#### Work order
Going from the top of the listing below to the line that holds "A phone on a", reproduce each line exactly; no pictures.

--------------------

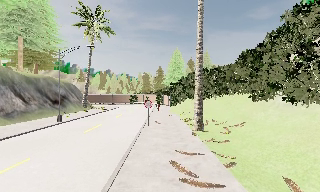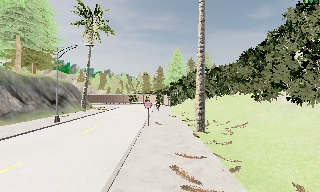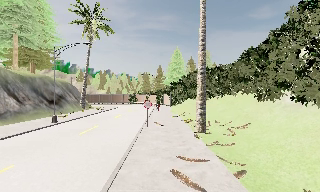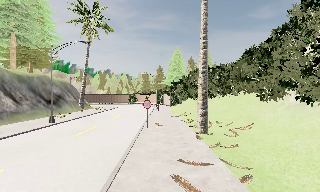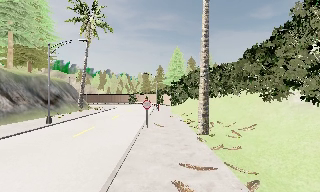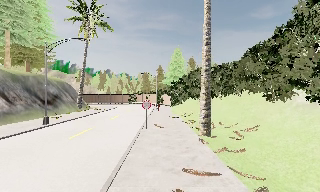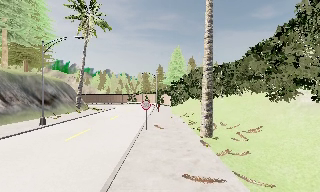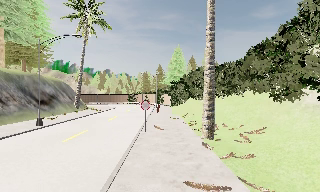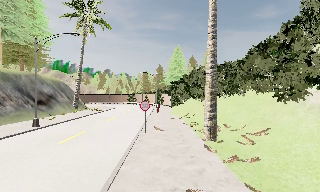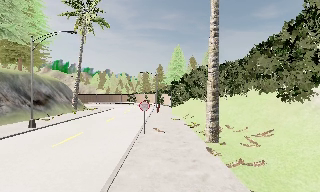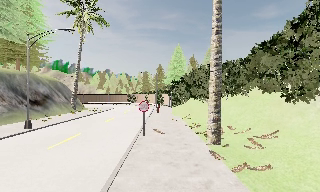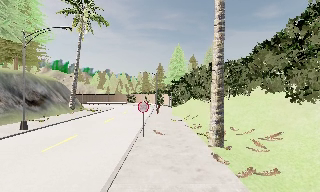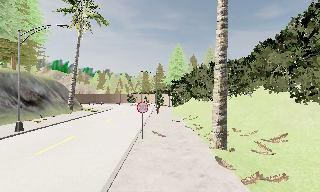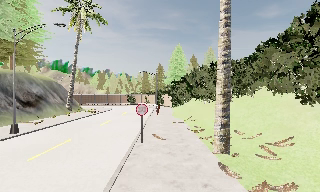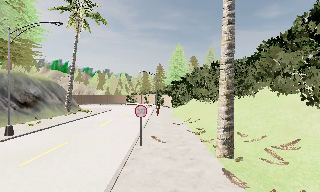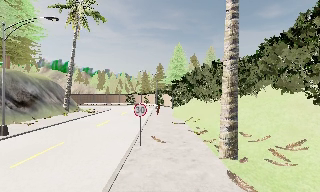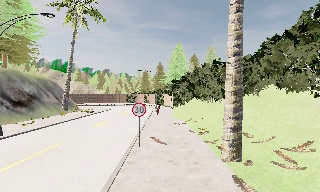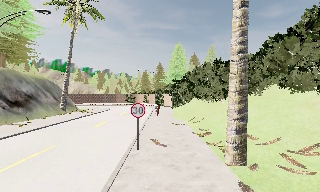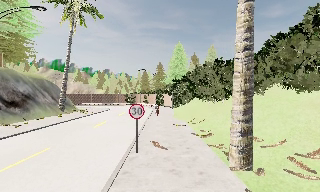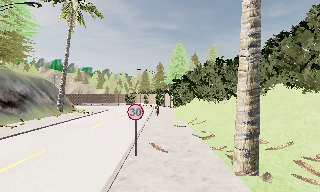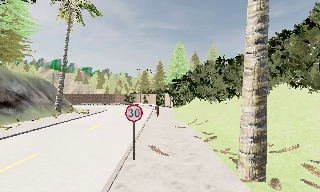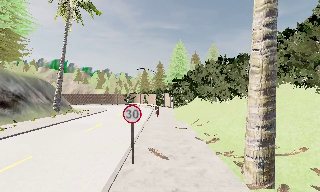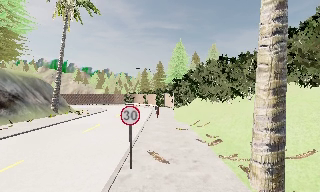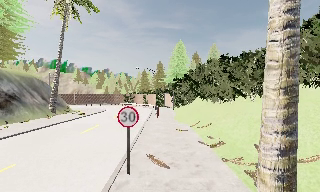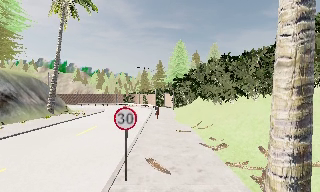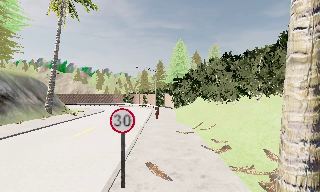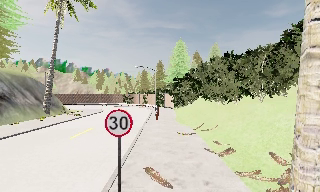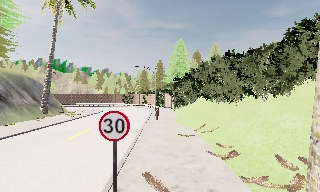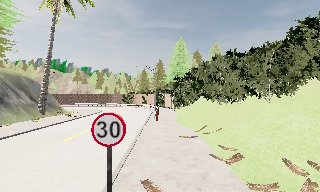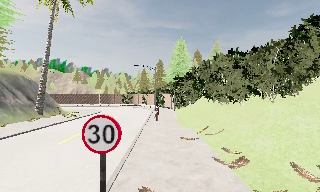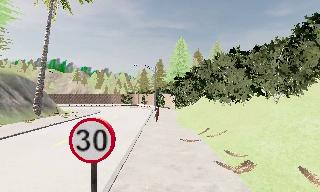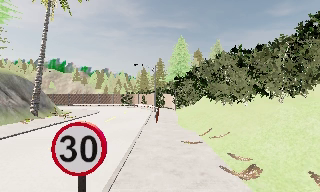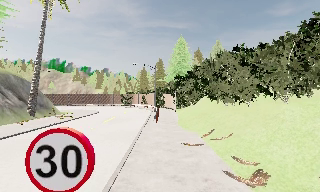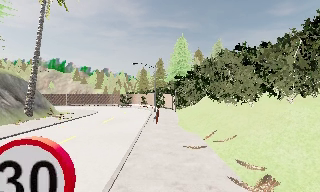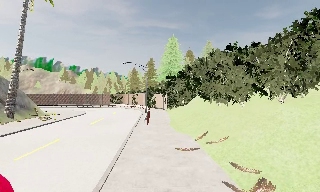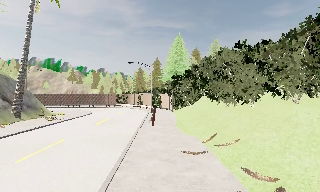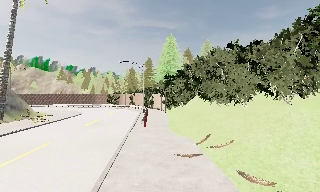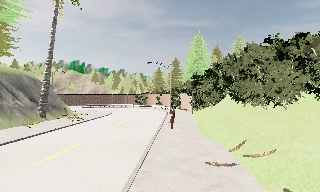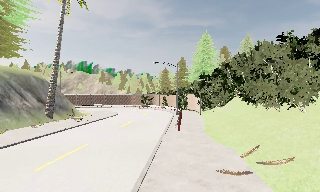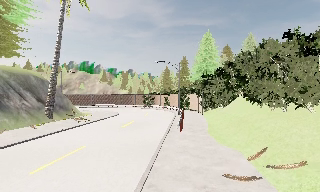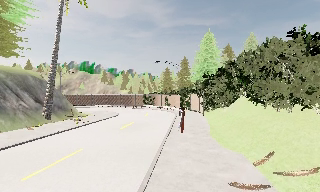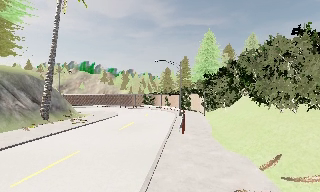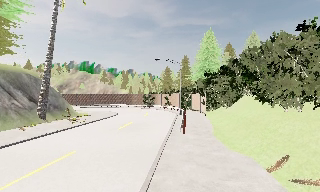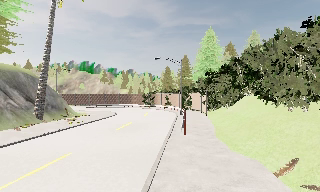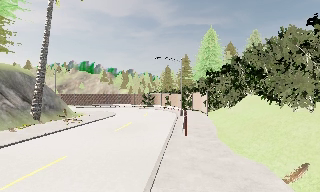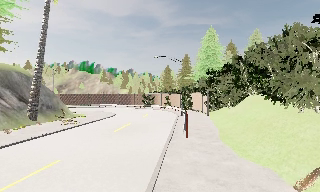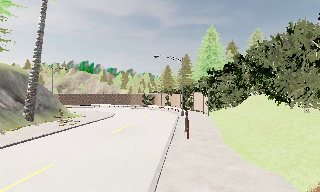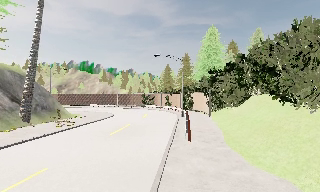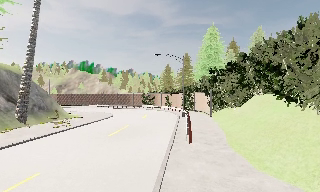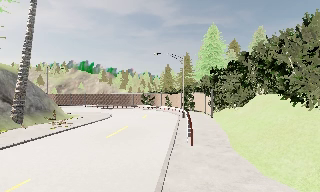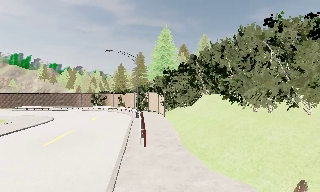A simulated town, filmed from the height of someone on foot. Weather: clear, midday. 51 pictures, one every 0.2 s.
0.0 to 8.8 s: The camera travels forward, about 17 m, so what stands in front looms larger.
8.8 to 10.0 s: The camera pans to its right, which is clockwise from overhead, by about 15 degrees. It travels forward, about 2.5 m, so what stands in front looms larger.
The film runs forward here.
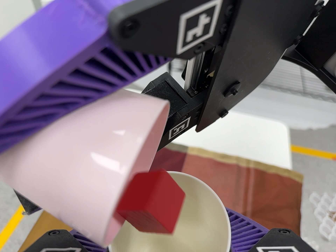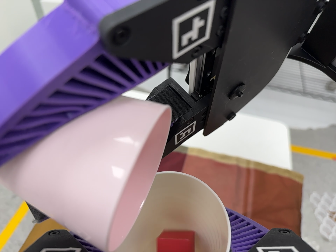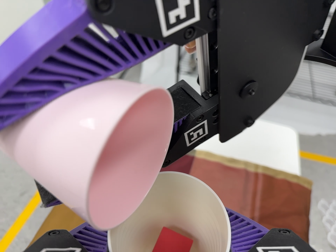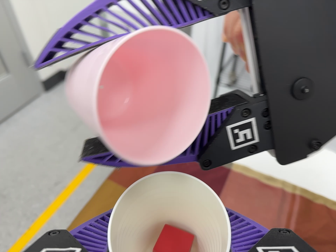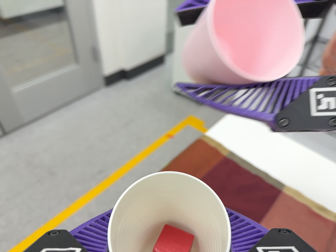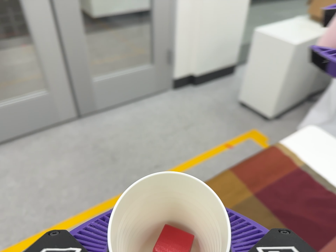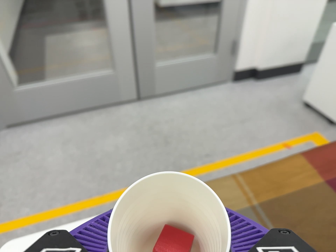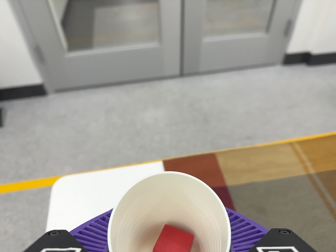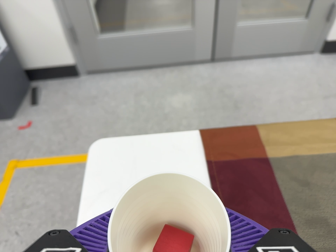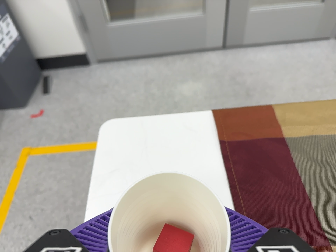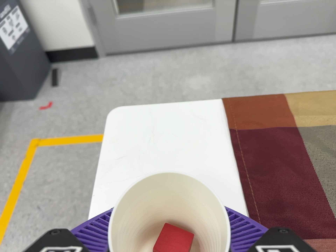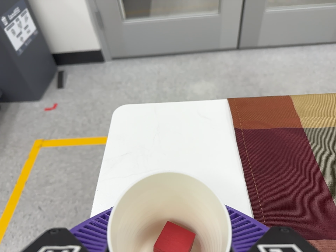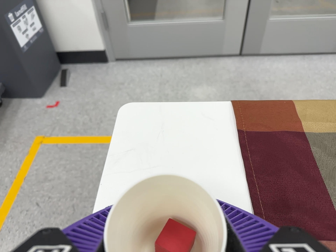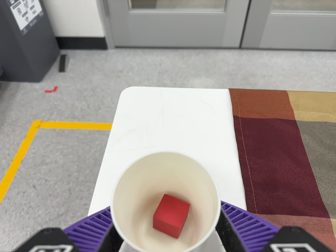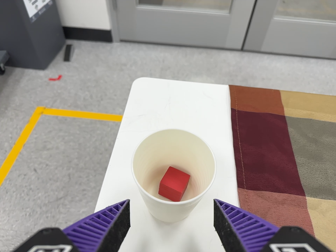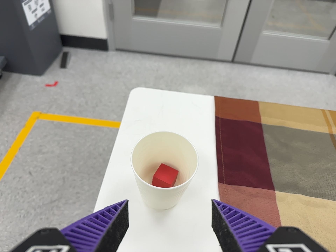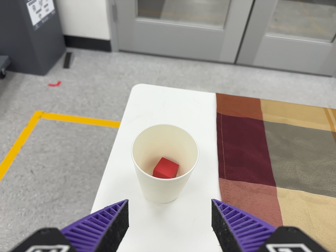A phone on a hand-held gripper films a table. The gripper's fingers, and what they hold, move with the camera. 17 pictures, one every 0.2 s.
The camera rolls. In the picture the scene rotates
clockwise.
The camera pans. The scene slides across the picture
to the right.
0.0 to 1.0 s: The camera swings to its left by about 30 degrees, and the scene slides to the right. It travels to its left, toward the bottom of its view and backward, about 12 cm, so close, fixed things drift to the right. It rolls about its line of sight by about 30 degrees, and the scene rotates clockwise.
1.0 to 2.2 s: The camera pans to its left by about 30 degrees. It travels toward the bottom of its view and to its left, about 20 cm, so close, fixed things drift upward. Its aim tips toward the bottom of its view by about 10 degrees, and the scene shifts upward. It rolls about its line of sight by about 20 degrees, and the scene rotates clockwise.
2.2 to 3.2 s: The camera travels backward, about 14 cm, so what stands in front gets smaller. It rolls about its line of sight by about 10 degrees, and the scene rotates clockwise.
The film runs forward here.
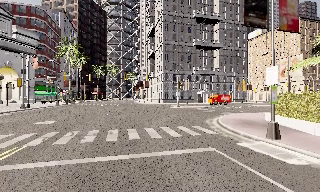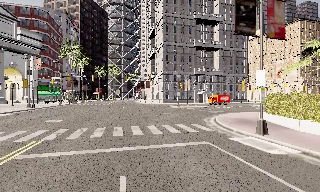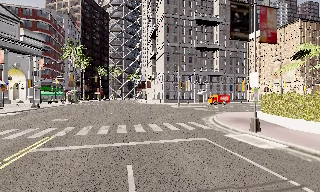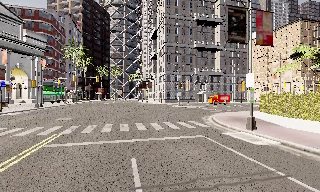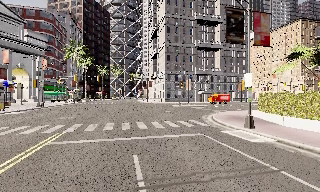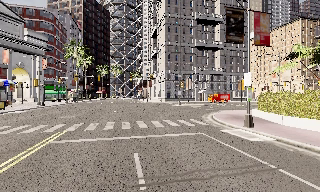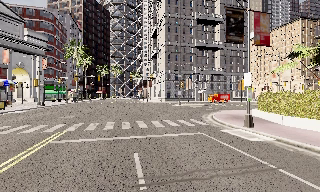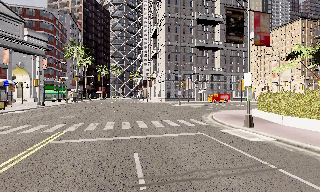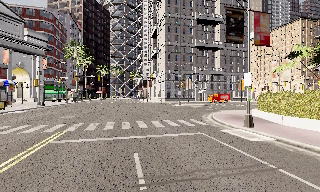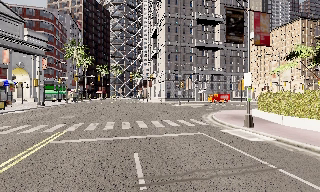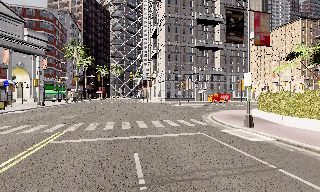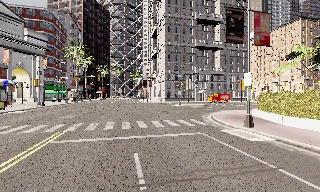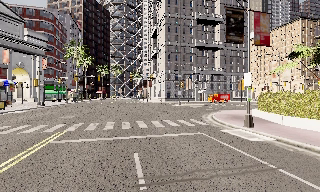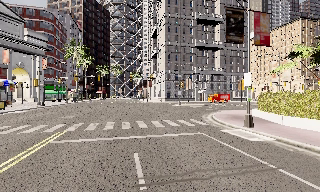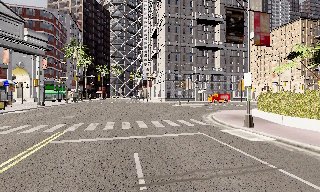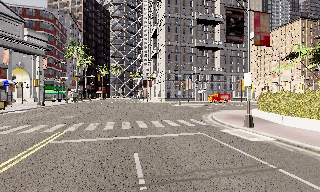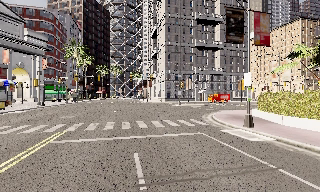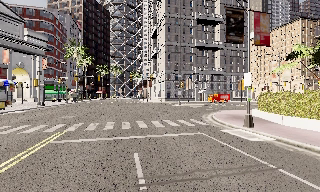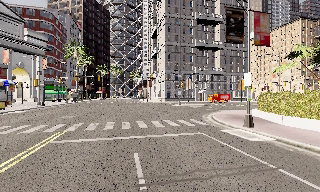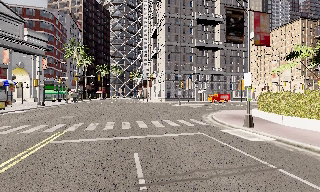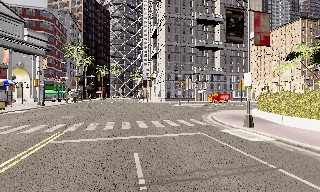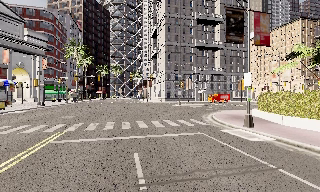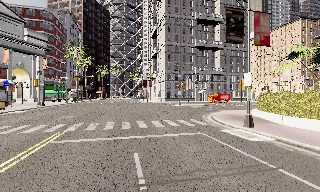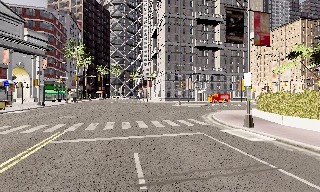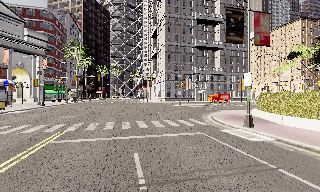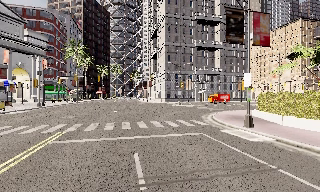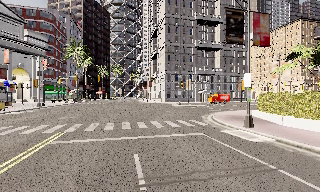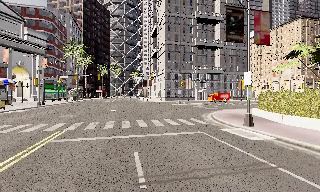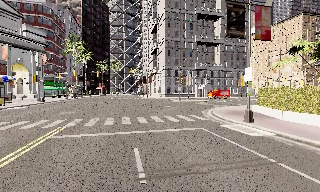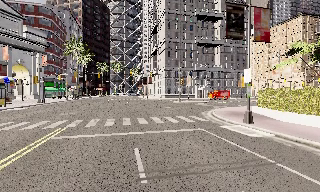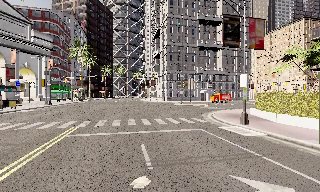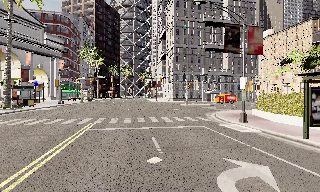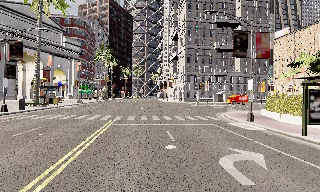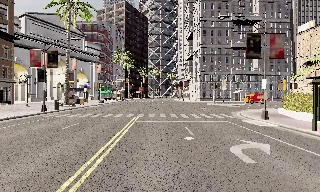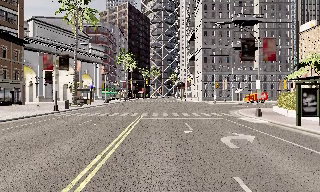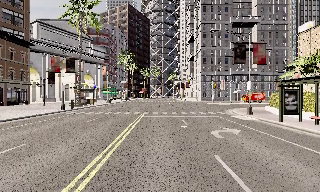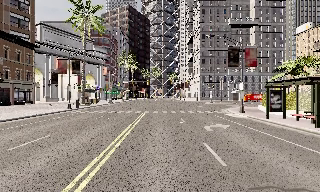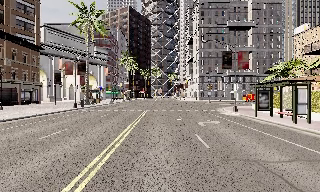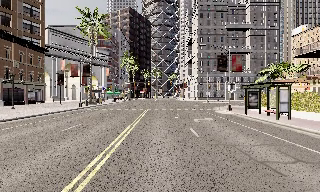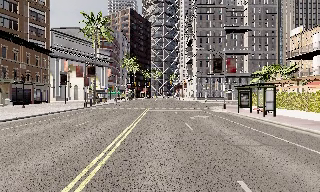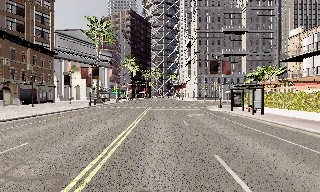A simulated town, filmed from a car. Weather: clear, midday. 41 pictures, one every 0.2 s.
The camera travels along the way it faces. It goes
backward.
0.0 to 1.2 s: The camera travels backward, about 2.5 m, so what stands in front gets smaller. It loses speed.
1.2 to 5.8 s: The camera keeps its place and its aim.
5.8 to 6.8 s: The camera pans to its left, which is counterclockwise from overhead, by about 15 degrees. It travels backward, about 6 m, so what stands in front gets smaller.
6.8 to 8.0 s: The camera travels backward, about 9 m, so what stands in front gets smaller.
The film runs backward here.
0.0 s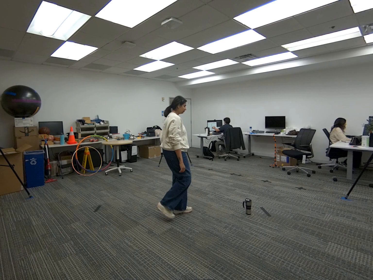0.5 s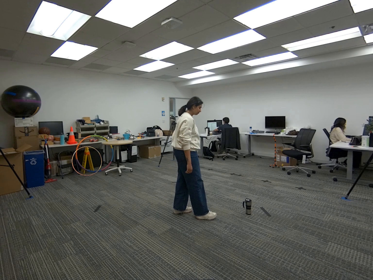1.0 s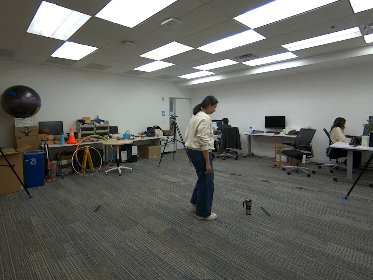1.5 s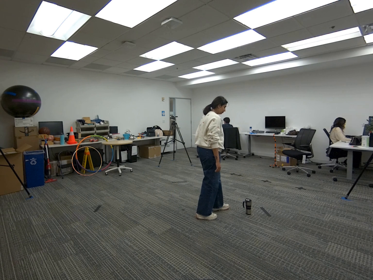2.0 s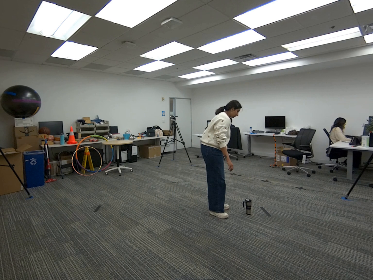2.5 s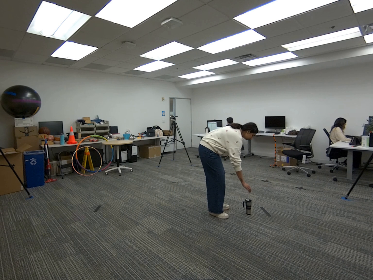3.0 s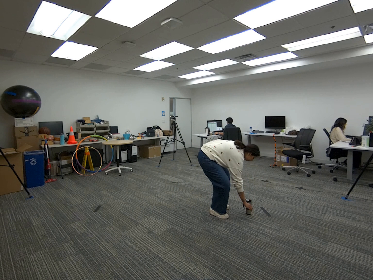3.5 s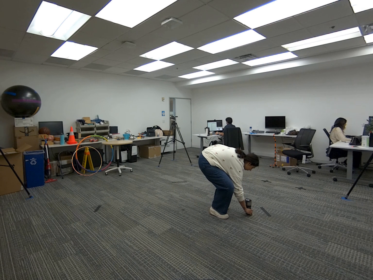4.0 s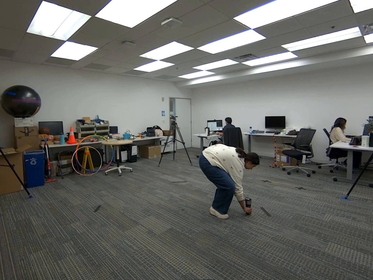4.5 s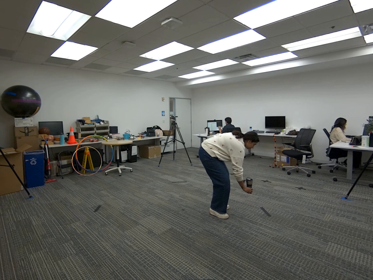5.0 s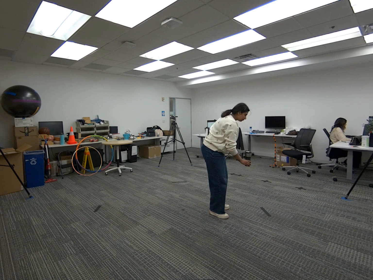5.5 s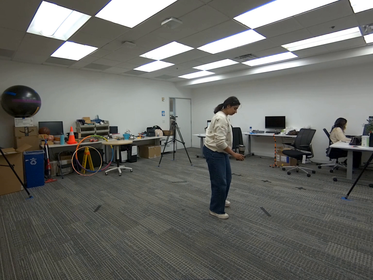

--------------------

#### Solved problem
A simulated town, filmed from the height of someone on foot. Weather: clear, midday. 51 pictures, one every 0.2 s.
0.0 to 8.8 s: The camera travels forward, about 17 m, so what stands in front looms larger.
8.8 to 10.0 s: The camera pans to its right, which is clockwise from overhead, by about 15 degrees. It travels forward, about 2.5 m, so what stands in front looms larger.
The film runs forward here.
A phone on a hand-held gripper films a table. The gripper's fingers, and what they hold, move with the camera. 17 pictures, one every 0.2 s.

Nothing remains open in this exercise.